The Railway Detective by Edward Marston
A Review by Juliet Kincaid
The first in Edward Marston’s Detective Inspector Colbeck Mystery series, The Railway Detective has lots to offer the historical mystery fan.
Marston brings mid-19th century Britain to life with vivid descriptions of places like London’s Devil’s Acre, for one example, and for another, the Crystal Palace, the site of the Great Exhibition in 1851.
Marston’s gentleman detective Robert Colbeck is both capable and clever. Marston presents lower class characters like a moneylender named Isadore Vout with gritty, almost Dickensian detail. Nut he also gives us members of the growing middle class and the gentry. He provides Colbeck with a love interest, the lovely Madeleine, a damsel in some distress.
The story includes exciting action like a train robbery and train wreck near the start of the book.
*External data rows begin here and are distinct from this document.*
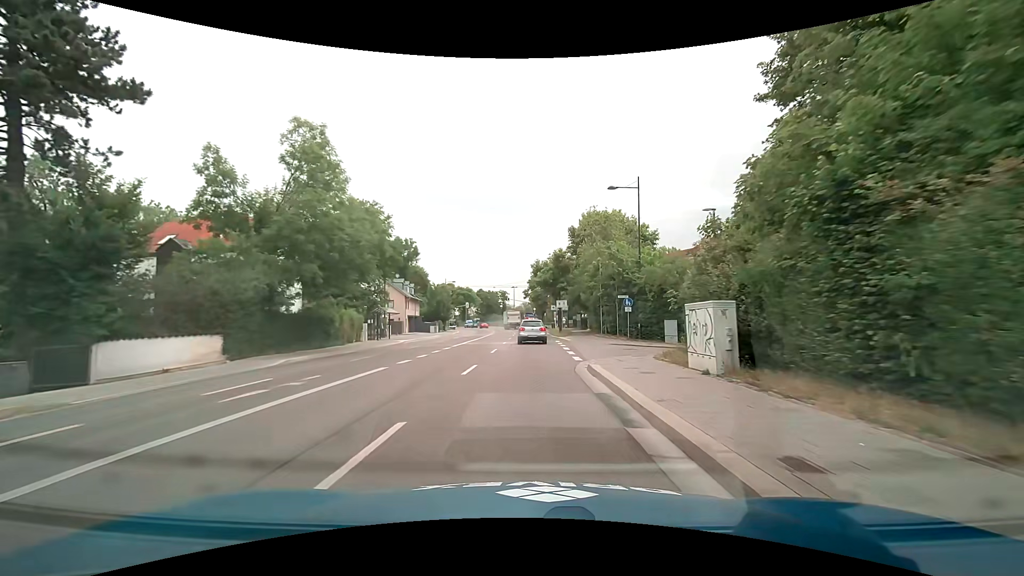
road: secondary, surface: asphalt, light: Day
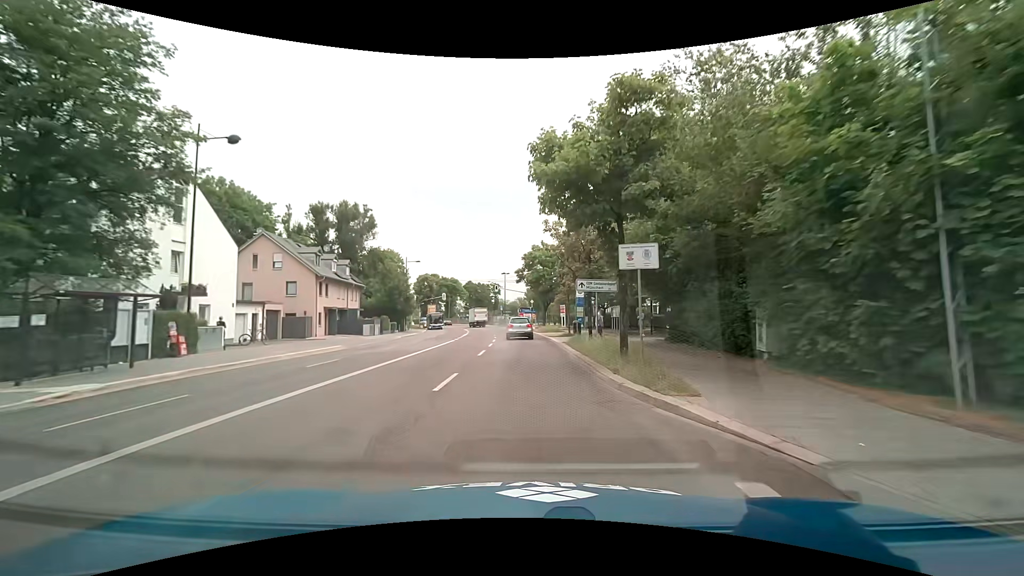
(0.0, +30.5) m; +1°
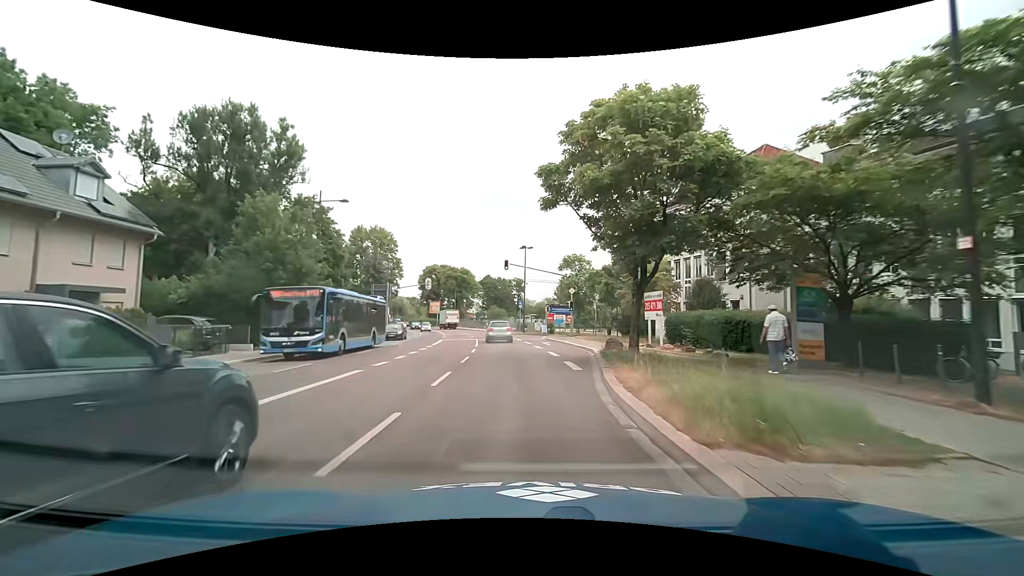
(-0.9, +38.0) m; -3°
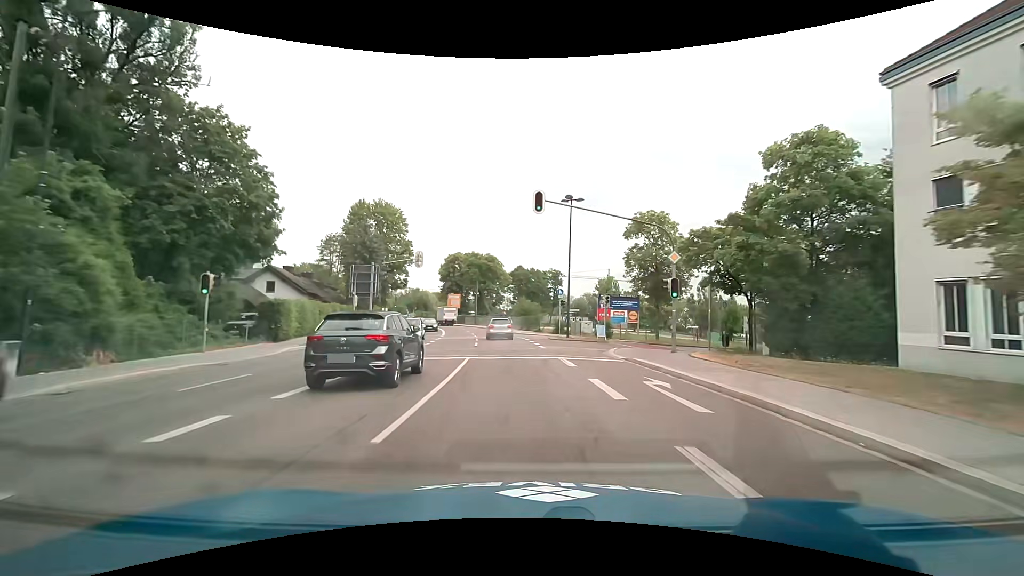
(-0.9, +23.0) m; -4°
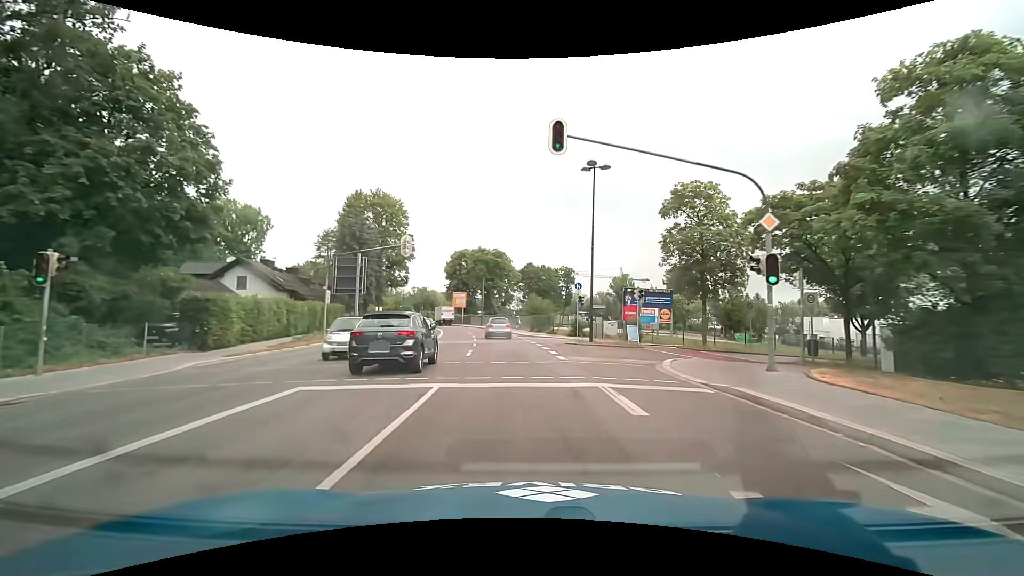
(0.0, +7.7) m; -1°
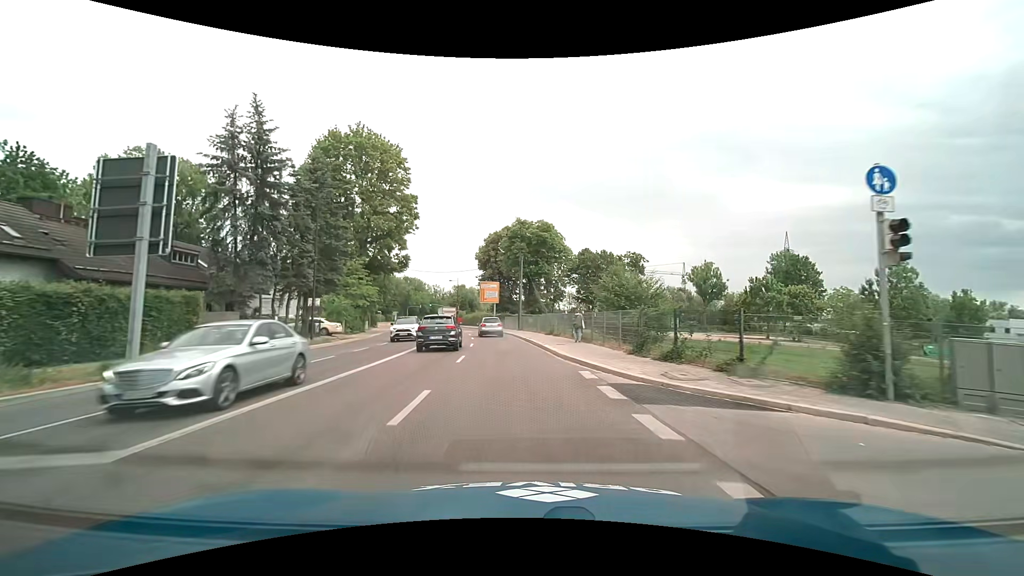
(-1.4, +31.0) m; -6°
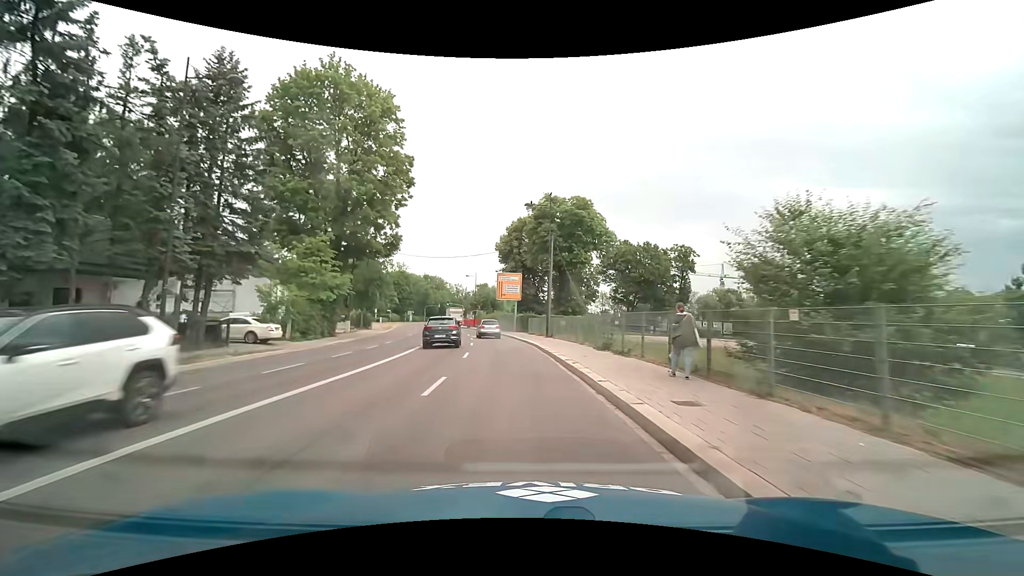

The plot is solid overall, but this reviewer has one slight quibble with it, though. Time and time again, Marston lets Colbeck pursue leads right up to almost catching a bad guy, only for him to be a little too late. At points like those, Marston cuts from the action with the detective to a scene with the current bad guy. To my mind, these are slight plot spoilers that bleed away some suspense and tension here and there. I sort of changed my mind about this, though, when near the end of the book . . . Well, you’ll get no spoilers from me.
If you’re hankering after a visit to Victorian England, I strongly recommend The Railway Detective.